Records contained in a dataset
####################
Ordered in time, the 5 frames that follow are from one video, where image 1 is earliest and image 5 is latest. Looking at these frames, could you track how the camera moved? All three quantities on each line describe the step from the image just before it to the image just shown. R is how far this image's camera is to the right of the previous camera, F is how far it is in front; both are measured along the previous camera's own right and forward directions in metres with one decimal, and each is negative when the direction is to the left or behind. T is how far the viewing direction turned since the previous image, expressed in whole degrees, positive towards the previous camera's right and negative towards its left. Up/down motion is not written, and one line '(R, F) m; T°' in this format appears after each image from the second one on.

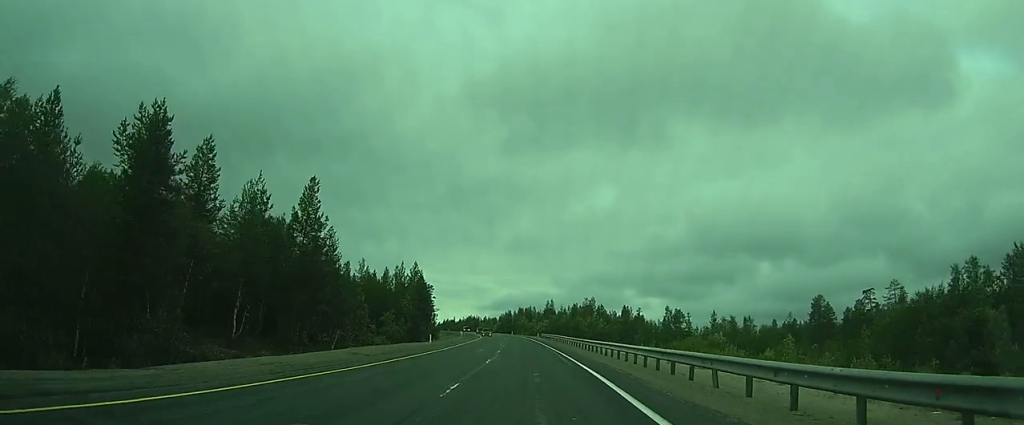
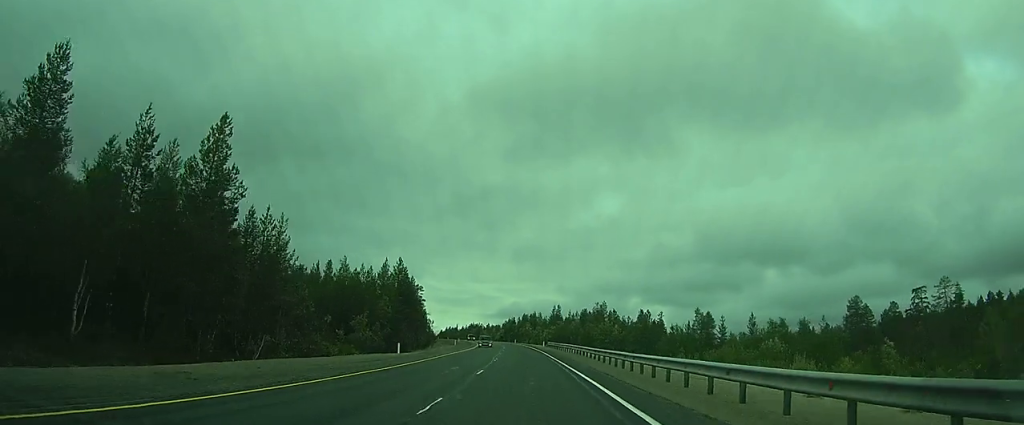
(0.0, +14.1) m; -1°
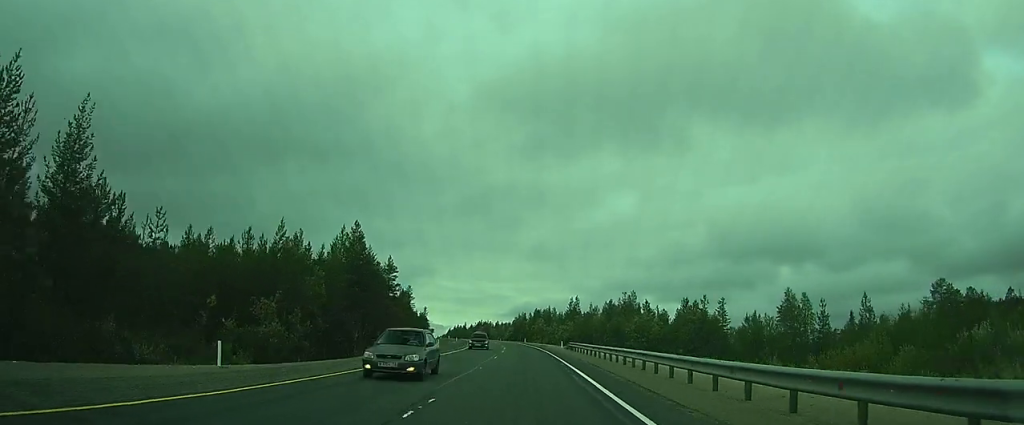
(-0.2, +24.3) m; -1°
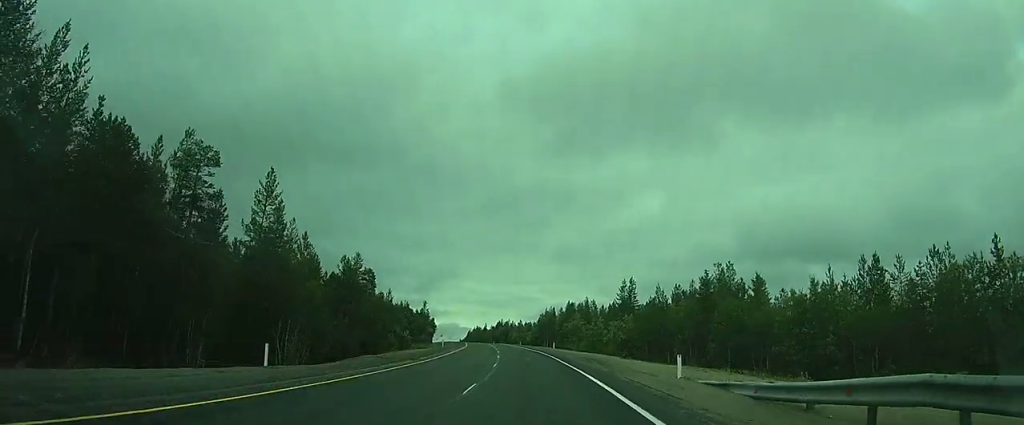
(-0.9, +42.6) m; -3°
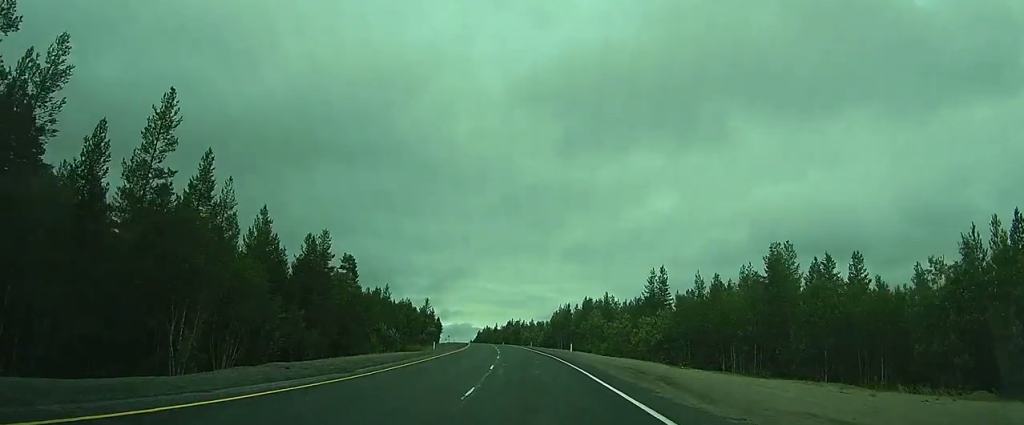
(-0.1, +13.2) m; -1°
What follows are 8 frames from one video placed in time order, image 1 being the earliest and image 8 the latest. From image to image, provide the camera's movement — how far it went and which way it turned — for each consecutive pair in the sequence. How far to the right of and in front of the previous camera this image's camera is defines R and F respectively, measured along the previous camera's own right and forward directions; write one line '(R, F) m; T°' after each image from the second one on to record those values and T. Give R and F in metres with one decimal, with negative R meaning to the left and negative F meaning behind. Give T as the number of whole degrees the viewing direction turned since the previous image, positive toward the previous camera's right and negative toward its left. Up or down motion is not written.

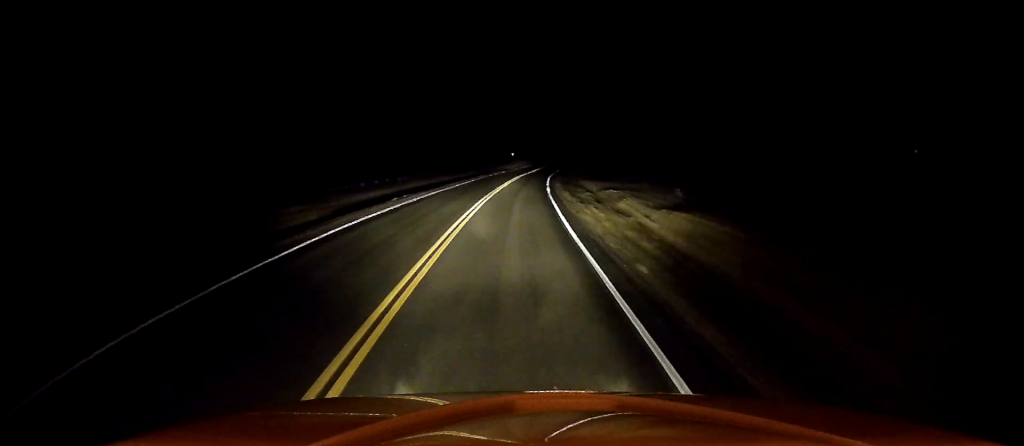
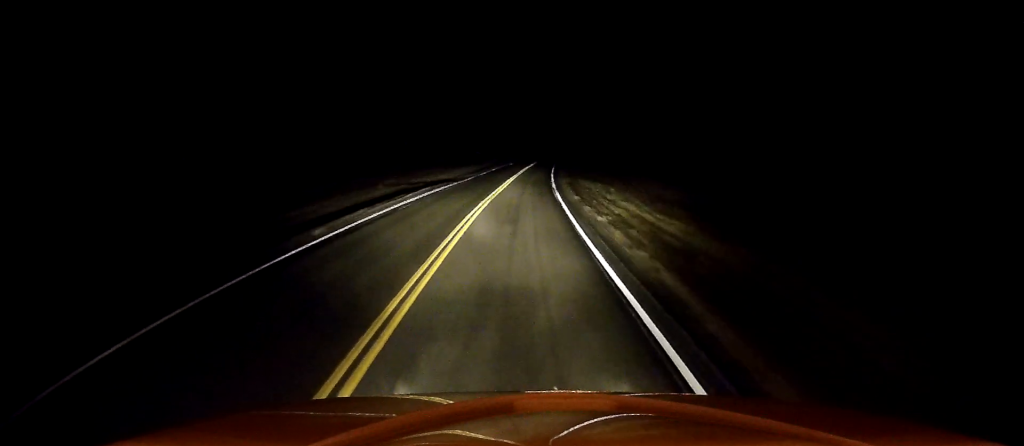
(+1.9, +48.1) m; +3°
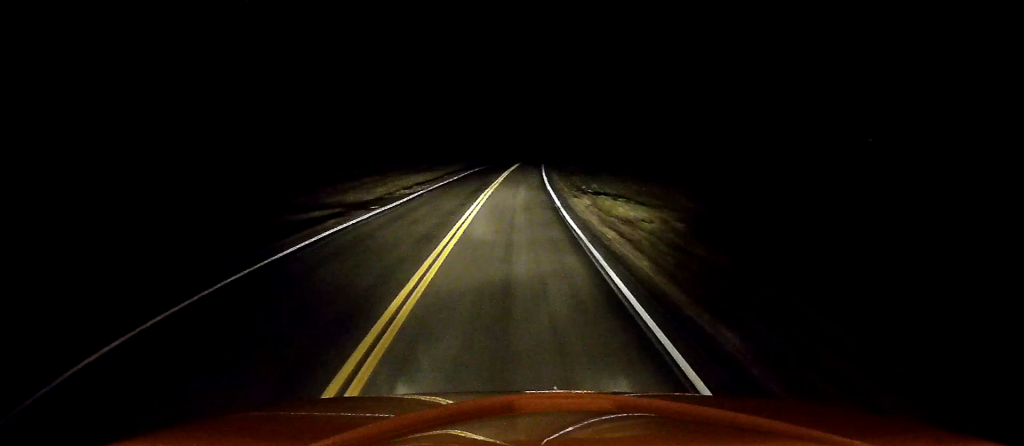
(0.0, +23.5) m; +2°
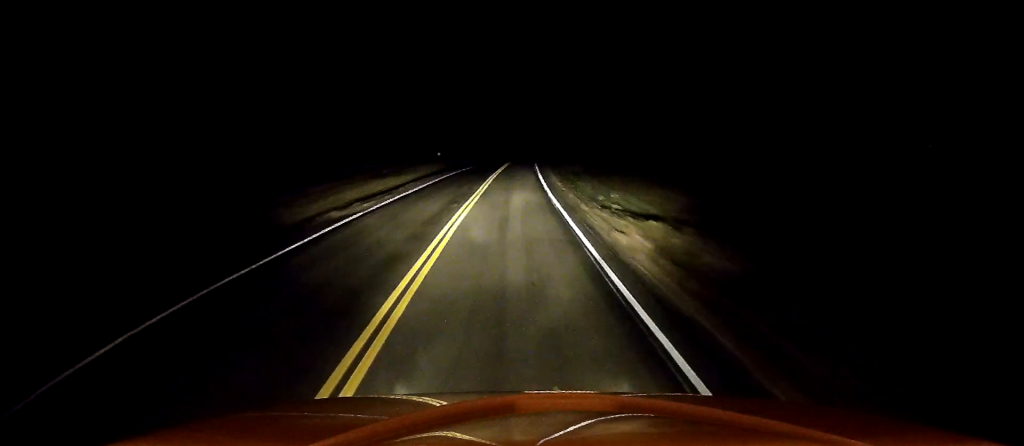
(+0.5, +13.1) m; +2°
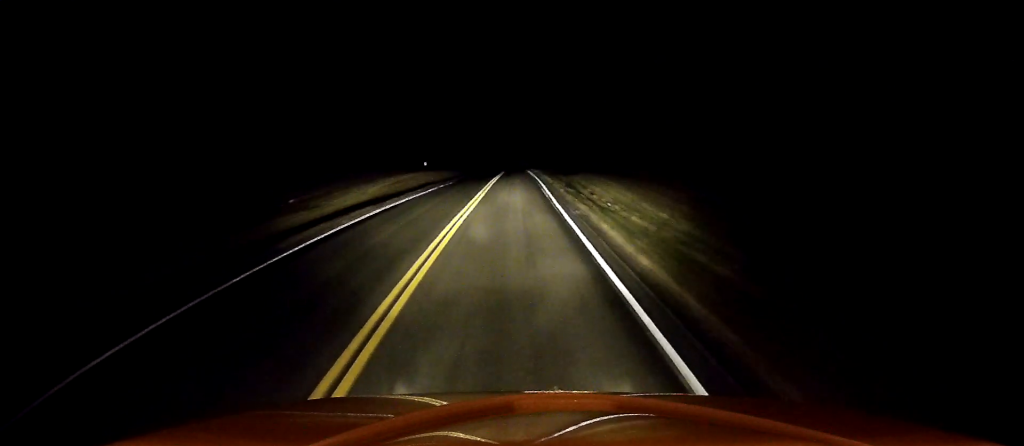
(+0.1, +27.8) m; 0°
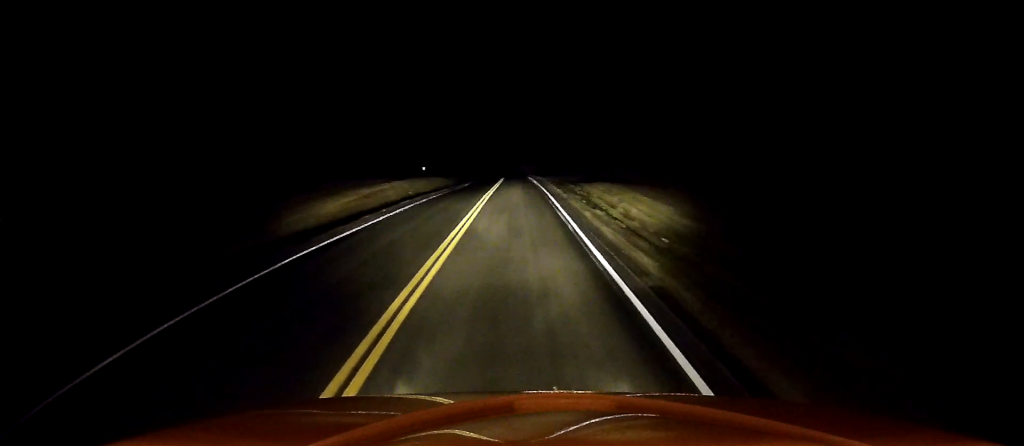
(0.0, +10.6) m; 0°
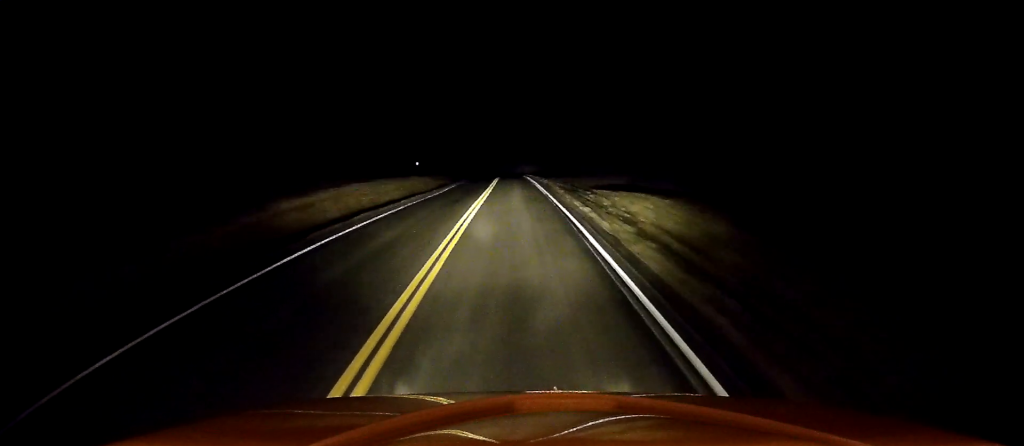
(0.0, +14.6) m; 0°
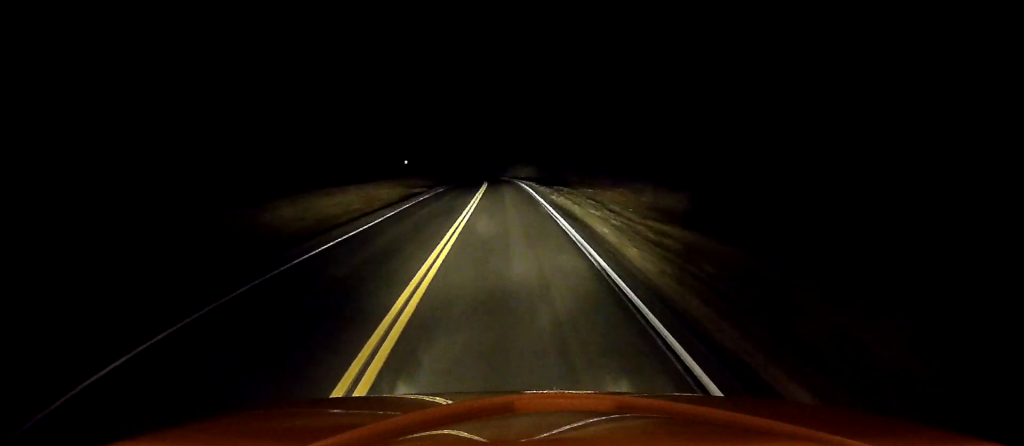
(0.0, +21.0) m; 0°
####################
Repeat every line above exactly, but omit all images.

Ordered in time, the 5 frames that follow are from one video, where image 1 is earliest and image 5 is latest. Looking at these frames, could you track how the camera moved? All three quantities on each line describe the step from the image just before it to the image just shown. R is how far this image's camera is to the right of the previous camera, F is how far it is in front; both are measured along the previous camera's own right and forward directions in metres with one decimal, and each is negative when the direction is to the left or behind. T is how far the viewing direction turned since the previous image, expressed in whole degrees, positive towards the previous camera's right and negative towards its left. Up/down motion is not written, and one line '(R, F) m; T°' in this format appears after each image from the second one on.

(0.0, +14.1) m; -1°
(-0.2, +24.3) m; -1°
(-0.9, +42.6) m; -3°
(-0.1, +13.2) m; -1°
What follows are 8 frames from one video placed in time order, image 1 being the earliest and image 8 the latest. From image to image, provide the camera's movement — how far it went and which way it turned — for each consecutive pair in the sequence. How far to the right of and in front of the previous camera this image's camera is defines R and F respectively, measured along the previous camera's own right and forward directions; write one line '(R, F) m; T°' after each image from the second one on to record those values and T. Give R and F in metres with one decimal, with negative R meaning to the left and negative F meaning behind. Give T as the number of whole degrees the viewing direction turned since the previous image, positive toward the previous camera's right and negative toward its left. Up or down motion is not written.

(+1.9, +48.1) m; +3°
(0.0, +23.5) m; +2°
(+0.5, +13.1) m; +2°
(+0.1, +27.8) m; 0°
(0.0, +10.6) m; 0°
(0.0, +14.6) m; 0°
(0.0, +21.0) m; 0°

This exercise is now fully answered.